FYI only. Usual caveats.

https://fresno.craigslist.org/msg/4627525677.html

mrmando
Aug-30-2014, 11:40pm
The Ovation mandocello was never manufactured outside the U.S.

Ted Eschliman
Aug-31-2014, 8:11am
Not an unreasonable price. Not a steal, either. Sometimes I wish I still had my Ovation, but the technique is so different than mandolin or mandola, and I didn't want to invest the time developing it.

clobflute
Aug-31-2014, 11:33am
Not an unreasonable price. Not a steal, either. Sometimes I wish I still had my Ovation, but the technique is so different than mandolin or mandola, and I didn't want to invest the time developing it.

:eek:

Maybe I'm just the kind of guy who finds it easy to fall in love with anything of the aesthetic order that sounds as glorious as a mandocello's earthy resonance. I've only been playing mandolin for a year (on and off) and moved up to a mandocello at the start of the summer holiday. I couldn't find an Ovation mandocello this side of the Atlantic and opted for a Hathway mandocello which is extremely well built (same make as the Jethro Tull guys' bouzouki - and sad to hear their bassist died this weekend too).

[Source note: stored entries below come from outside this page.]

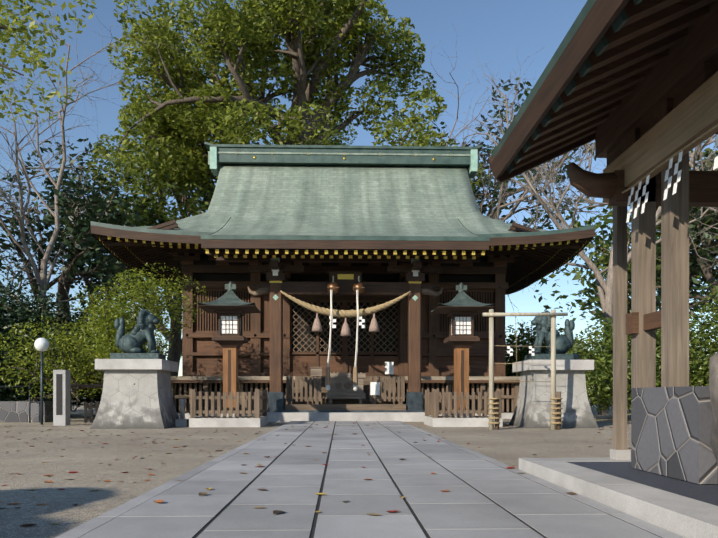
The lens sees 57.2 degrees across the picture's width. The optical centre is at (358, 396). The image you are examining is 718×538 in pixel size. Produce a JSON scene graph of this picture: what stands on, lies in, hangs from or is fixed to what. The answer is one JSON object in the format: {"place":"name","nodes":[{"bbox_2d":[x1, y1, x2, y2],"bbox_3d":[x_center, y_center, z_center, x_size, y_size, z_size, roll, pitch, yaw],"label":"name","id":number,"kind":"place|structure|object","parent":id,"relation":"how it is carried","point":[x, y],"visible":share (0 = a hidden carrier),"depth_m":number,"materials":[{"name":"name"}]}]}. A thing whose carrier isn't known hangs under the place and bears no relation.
{"place":"outdoors","nodes":[
{"label":"outdoors","id":0,"kind":"place"},
{"bbox_2d":[0,0,96,123],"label":"tree foliage","id":1,"kind":"object","parent":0,"point":[7,29],"visible":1,"depth_m":9.93,"materials":[{"name":"green plant"}]},
{"bbox_2d":[0,398,630,537],"bbox_3d":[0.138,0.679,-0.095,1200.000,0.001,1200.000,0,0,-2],"label":"ground","id":2,"kind":"structure","parent":0,"point":[508,445],"depth_m":7.70,"materials":[{"name":"beige sand"}]},
{"bbox_2d":[0,275,172,411],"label":"shrubs","id":3,"kind":"object","parent":2,"relation":"on","point":[10,319],"visible":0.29,"depth_m":19.98,"materials":[{"name":"green plant"}]},
{"bbox_2d":[0,138,181,410],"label":"evergreen tree","id":4,"kind":"object","parent":2,"relation":"on","point":[101,264],"visible":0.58,"depth_m":28.80,"materials":[{"name":"green plant"}]},
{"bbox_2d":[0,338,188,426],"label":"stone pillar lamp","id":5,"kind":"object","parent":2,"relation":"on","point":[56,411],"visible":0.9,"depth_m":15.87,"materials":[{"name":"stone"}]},
{"bbox_2d":[0,2,197,397],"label":"bare tree","id":6,"kind":"object","parent":2,"relation":"on","point":[42,277],"visible":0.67,"depth_m":25.35,"materials":[{"name":"brown plant"}]},
{"bbox_2d":[0,263,208,401],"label":"bush","id":7,"kind":"object","parent":2,"relation":"on","point":[104,327],"visible":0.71,"depth_m":17.19,"materials":[{"name":"green plant"}]},
{"bbox_2d":[47,136,217,375],"bbox_3d":[-10.241,-6.902,36.559,11.541,15.235,11.314,0,0,-2],"label":"evergreen tree","id":8,"kind":"object","parent":2,"relation":"on","point":[175,349],"visible":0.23,"depth_m":33.80,"materials":[{"name":"green plant"}]},
{"bbox_2d":[90,309,178,428],"bbox_3d":[-4.881,-0.622,14.572,1.550,2.602,1.550,0,0,-2],"label":"guardian lion statue","id":9,"kind":"object","parent":2,"relation":"on","point":[137,392],"visible":1,"depth_m":14.00,"materials":[{"name":"stone"}]},
{"bbox_2d":[189,281,267,426],"bbox_3d":[-2.980,-1.000,15.275,1.560,3.360,1.560,0,0,-2],"label":"lantern","id":10,"kind":"object","parent":2,"relation":"on","point":[230,308],"visible":1,"depth_m":14.95,"materials":[{"name":"wood"},{"name":"copper"},{"name":"granite"}]},
{"bbox_2d":[86,0,485,311],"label":"camphor tree","id":11,"kind":"object","parent":2,"relation":"on","point":[185,115],"visible":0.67,"depth_m":31.10,"materials":[{"name":"green plant"}]},
{"bbox_2d":[0,423,630,526],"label":"fallen leaves","id":12,"kind":"object","parent":2,"relation":"on","point":[200,494],"visible":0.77,"depth_m":5.82,"materials":[{"name":"red plant"}]},
{"bbox_2d":[167,247,519,421],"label":"shrine building","id":13,"kind":"structure","parent":2,"relation":"on","point":[306,348],"depth_m":21.09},
{"bbox_2d":[91,142,594,291],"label":"shrine roof","id":14,"kind":"structure","parent":13,"relation":"on","point":[325,197],"depth_m":22.09,"materials":[{"name":"green metal"}]},
{"bbox_2d":[99,220,586,294],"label":"roof eaves","id":15,"kind":"object","parent":14,"relation":"attached to","point":[534,262],"visible":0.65,"depth_m":20.01,"materials":[{"name":"brown wood"}]},
{"bbox_2d":[280,276,410,390],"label":"shimenawa bell ropes","id":16,"kind":"object","parent":14,"relation":"attached to","point":[358,289],"visible":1,"depth_m":17.92,"materials":[{"name":"fabric"},{"name":"copper"},{"name":"paper"}]},
{"bbox_2d":[211,248,478,411],"bbox_3d":[-0.397,-1.753,19.157,7.100,4.375,3.918,0,0,-2],"label":"entrance porch","id":17,"kind":"object","parent":13,"relation":"attached to","point":[412,280],"visible":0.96,"depth_m":18.16,"materials":[{"name":"brown wood"}]},
{"bbox_2d":[286,362,404,403],"bbox_3d":[-0.395,-0.410,19.103,3.320,1.260,1.510,0,0,-2],"label":"offering box and fences","id":18,"kind":"object","parent":13,"relation":"on","point":[341,385],"visible":0.96,"depth_m":18.48,"materials":[{"name":"brown wood"}]},
{"bbox_2d":[424,282,502,426],"bbox_3d":[2.398,-1.000,15.424,1.560,3.360,1.560,0,0,-2],"label":"lantern","id":19,"kind":"object","parent":2,"relation":"on","point":[462,308],"visible":0.9,"depth_m":15.13,"materials":[{"name":"wood"},{"name":"copper"},{"name":"paper"}]},
{"bbox_2d":[395,77,595,273],"bbox_3d":[6.481,-9.802,37.928,12.248,21.026,16.620,0,0,39],"label":"evergreen tree","id":20,"kind":"object","parent":2,"relation":"on","point":[509,190],"visible":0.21,"depth_m":37.66,"materials":[{"name":"green plant"}]},
{"bbox_2d":[411,28,628,225],"bbox_3d":[5.088,-7.503,28.963,12.274,16.395,15.125,0,0,-2],"label":"bare tree","id":21,"kind":"object","parent":2,"relation":"on","point":[499,205],"visible":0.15,"depth_m":27.88,"materials":[{"name":"brown plant"}]},
{"bbox_2d":[482,309,567,429],"bbox_3d":[3.391,-0.550,13.511,1.740,2.460,0.250,0,0,-2],"label":"pole frame","id":22,"kind":"object","parent":2,"relation":"on","point":[555,413],"visible":1,"depth_m":13.46,"materials":[{"name":"brown wood"}]},
{"bbox_2d":[509,310,598,427],"bbox_3d":[4.335,-0.622,14.828,1.550,2.602,1.550,0,0,-2],"label":"guardian lion statue","id":23,"kind":"object","parent":2,"relation":"on","point":[533,407],"visible":0.81,"depth_m":14.26,"materials":[{"name":"stone"}]},
{"bbox_2d":[446,77,717,414],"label":"bare tree","id":24,"kind":"object","parent":2,"relation":"on","point":[606,298],"visible":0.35,"depth_m":24.43,"materials":[{"name":"brown plant"}]},
{"bbox_2d":[505,275,717,414],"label":"shrubs","id":25,"kind":"object","parent":2,"relation":"on","point":[599,380],"visible":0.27,"depth_m":18.22,"materials":[{"name":"green plant"}]},
{"bbox_2d":[519,458,717,537],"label":"concrete curb","id":26,"kind":"structure","parent":2,"relation":"on","point":[685,509],"depth_m":3.99,"materials":[{"name":"concrete"}]},
{"bbox_2d":[487,0,717,483],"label":"wooden pavilion","id":27,"kind":"structure","parent":26,"relation":"on","point":[630,87],"depth_m":4.55,"materials":[{"name":"wood"}]},
{"bbox_2d":[534,141,717,344],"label":"evergreen tree","id":28,"kind":"object","parent":2,"relation":"on","point":[604,258],"visible":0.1,"depth_m":29.04,"materials":[{"name":"green plant"}]},
{"bbox_2d":[581,138,717,341],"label":"evergreen tree","id":29,"kind":"object","parent":2,"relation":"on","point":[708,274],"visible":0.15,"depth_m":26.16,"materials":[{"name":"green plant"}]},
{"bbox_2d":[657,144,717,269],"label":"bare tree","id":30,"kind":"object","parent":2,"relation":"on","point":[697,169],"visible":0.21,"depth_m":18.84,"materials":[{"name":"brown plant"}]},
{"bbox_2d":[0,0,717,393],"label":"sky","id":31,"kind":"structure","parent":0,"point":[504,33],"materials":[{"name":"blue"}]},
{"bbox_2d":[55,421,684,537],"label":"stone path","id":32,"kind":"structure","parent":0,"point":[486,497],"depth_m":4.19,"materials":[{"name":"grey stone"}]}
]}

I think I've worked out how to play the first 20 seconds of Bach's cello prelude on it now. Mostly the finger strength to hold down those 4 steel tensile rope strings is the challenge to finger dexterity. I know a lot of people don't like taking up a new instrument when they're just trying to get to grips with a smaller one, but being deprived in the city, living on traffic noise, sirens, high pitched screaming voices of babies and others, it's really comforting and reassuring having the deep echoing boom of the mandocello being played.

Any well made mandocello is an amazing way to open up one's sonic experience!